The schedctl_init() function initializes preemption control for the calling thread and returns a pointer used to refer to the data. If schedctl_init() is called more than once by the same thread, the most recently returned pointer is the only valid one.

The schedctl_lookup() function returns the currently allocated preemption control data associated with the calling thread that was previously returned by schedctl_init(). This can be useful in programs where it is difficult to maintain local state for each thread.
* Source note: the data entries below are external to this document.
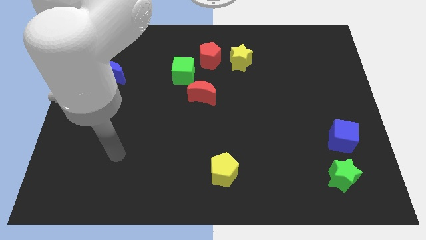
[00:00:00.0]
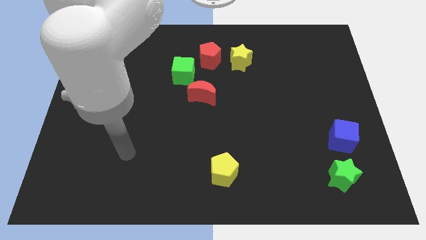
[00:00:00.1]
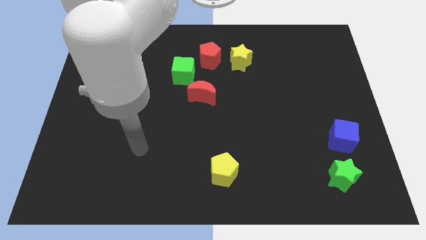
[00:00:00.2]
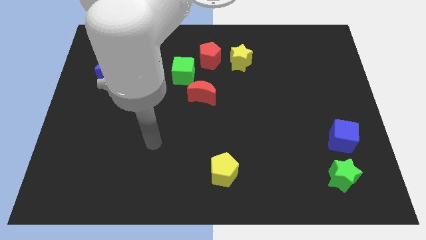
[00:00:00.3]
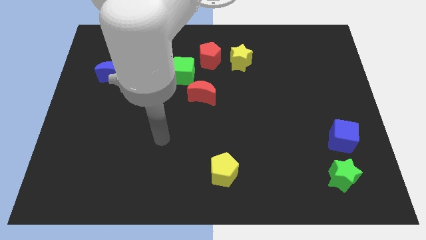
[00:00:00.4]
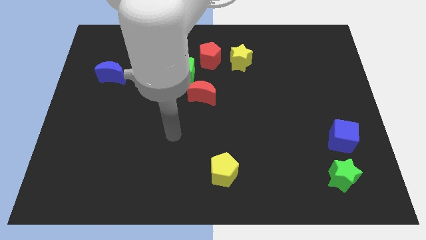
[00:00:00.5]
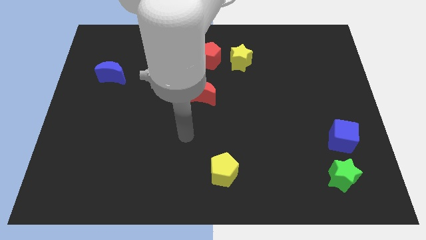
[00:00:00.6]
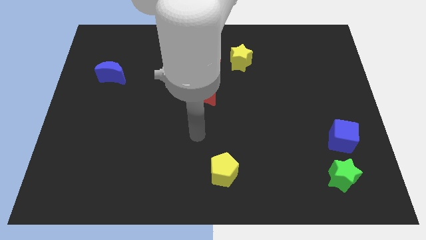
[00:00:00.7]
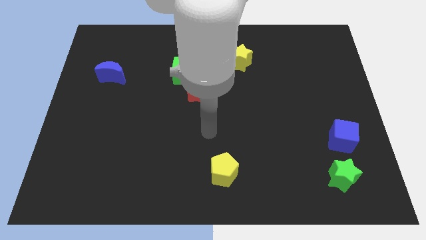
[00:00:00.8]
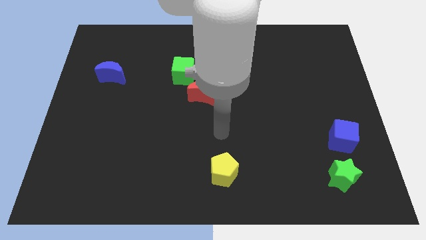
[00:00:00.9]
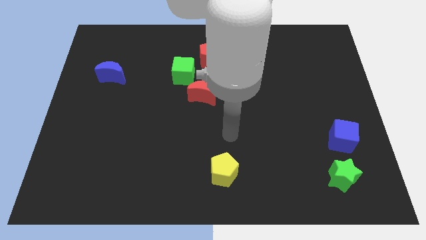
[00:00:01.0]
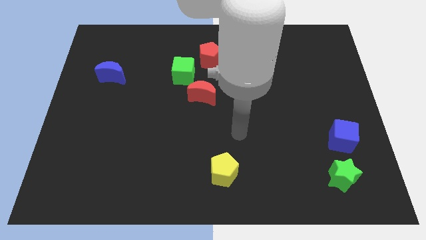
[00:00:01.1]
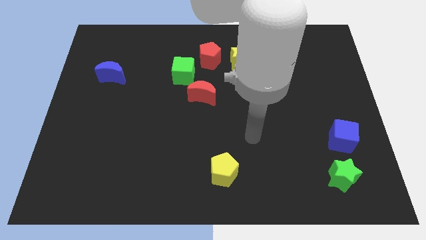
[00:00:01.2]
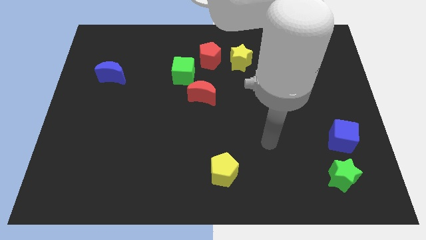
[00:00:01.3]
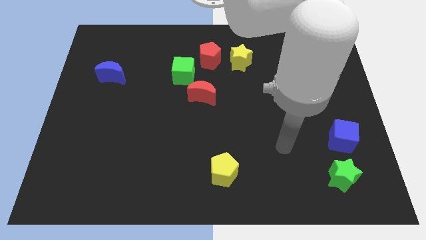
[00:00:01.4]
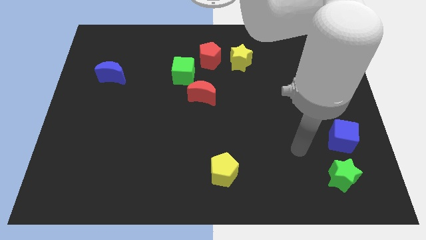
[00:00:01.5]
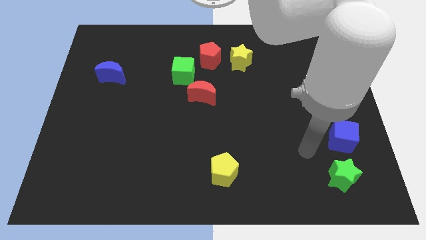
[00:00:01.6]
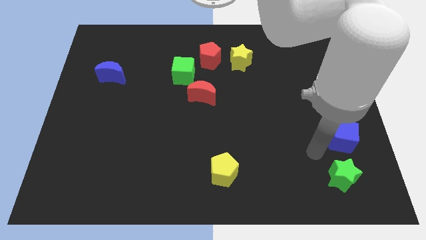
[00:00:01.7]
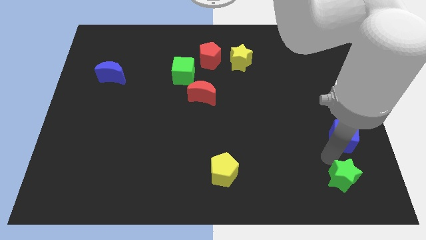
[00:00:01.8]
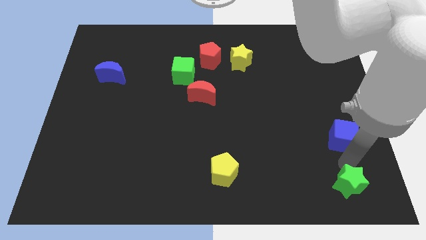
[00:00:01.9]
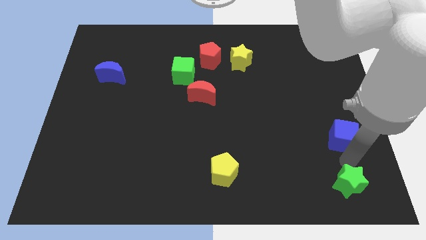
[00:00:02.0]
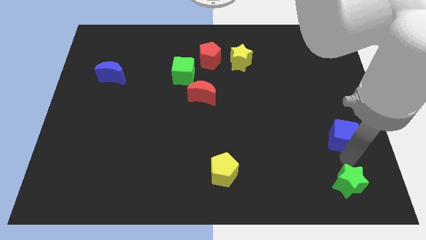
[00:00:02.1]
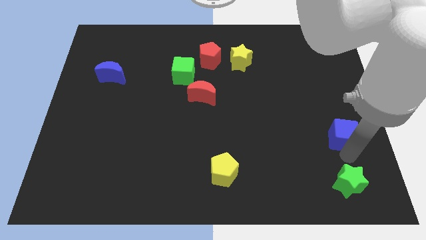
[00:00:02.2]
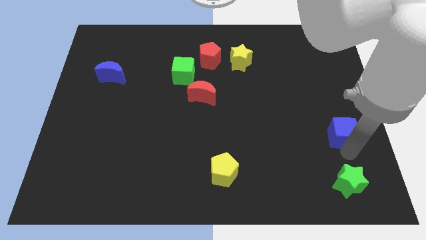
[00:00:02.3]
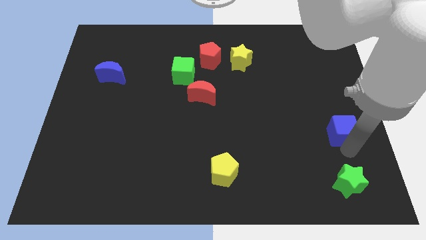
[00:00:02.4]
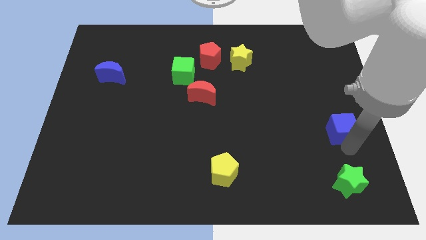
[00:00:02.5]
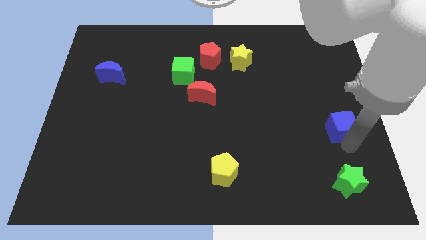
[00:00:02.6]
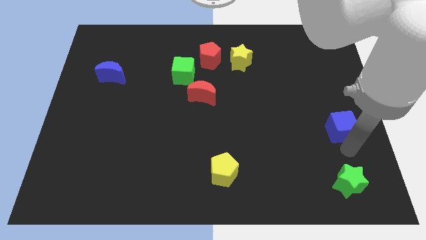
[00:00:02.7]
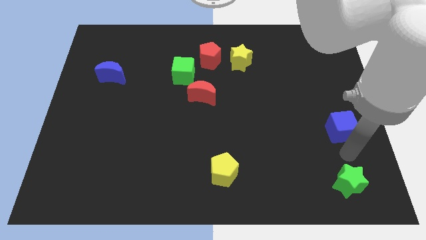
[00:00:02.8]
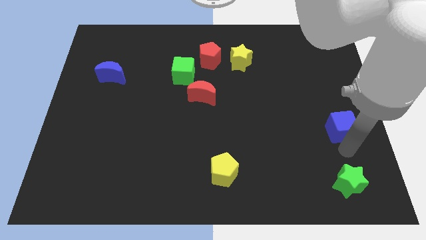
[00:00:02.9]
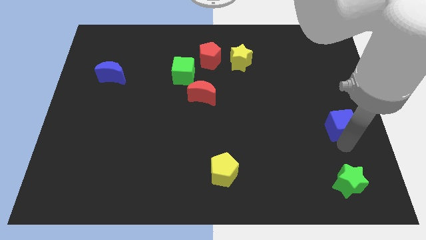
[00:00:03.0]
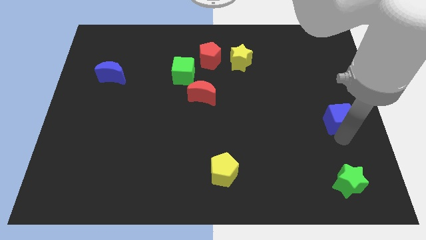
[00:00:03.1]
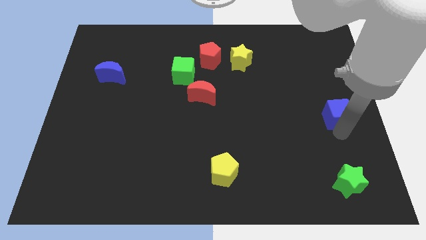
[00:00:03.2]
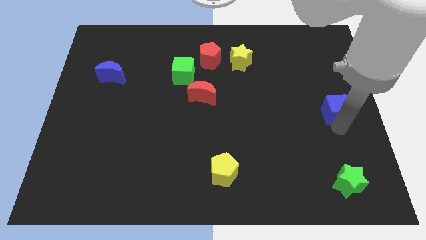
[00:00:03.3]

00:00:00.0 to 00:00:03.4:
slightly move the blue cube upwards

The schedctl_exit() function removes the preemption control data associated with the calling thread.

The schedctl_start() macro gives a hint to the kernel scheduler that preemption should be avoided on the current thread. The pointer passed to the macro must be the same as the pointer returned by the call to schedctl_init() by the current thread. The behavior of the program when other values are passed is undefined.

The schedctl_stop() macro removes the hint that was set by schedctl_start(). As with schedctl_start(), the pointer passed to the macro must be the same as the pointer returned by the call to schedctl_init() by the current thread.

The schedctl_start() and schedctl_stop() macros are intended to be used to bracket short critical sections, such as the time spent holding a spinlock. Other uses, including the failure to call schedctl_stop() soon after calling schedctl_start(), might result in poor performance.

RETURN VALUES

The schedctl_init() function returns a pointer to a schedctl_t structure if the initialization was successful, or NULL otherwise. The schedctl_lookup() function returns a pointer to a schedctl_t structure if the data for that thread was found, or NULL otherwise.

ERRORS

No errors are returned.

ATTRIBUTES

See attributes(5) for descriptions of the following attributes:

ATTRIBUTE TYPE ATTRIBUTE VALUE
Interface Stability Stable
MT-Level MT-Safe
SEE ALSO

priocntl(1), exec(2), fork(2), priocntl(2), attributes(5), threads(5)

NOTES

Preemption control is intended for use by threads belonging to the time-sharing (TS), interactive (IA), fair-share (FSS), and fixed-priority (FX) scheduling classes. If used by threads in other scheduling classes, such as real-time (RT), no errors will be returned but schedctl_start() and schedctl_stop() will not have any effect.

The data used for preemption control are not copied in the child of a fork(2). Thus, if a process containing threads using preemption control calls fork and the child does not immediately call exec(2), each thread in the child must call schedctl_init() again prior to any future uses of schedctl_start() and schedctl_stop(). Failure to do so will result in undefined behavior.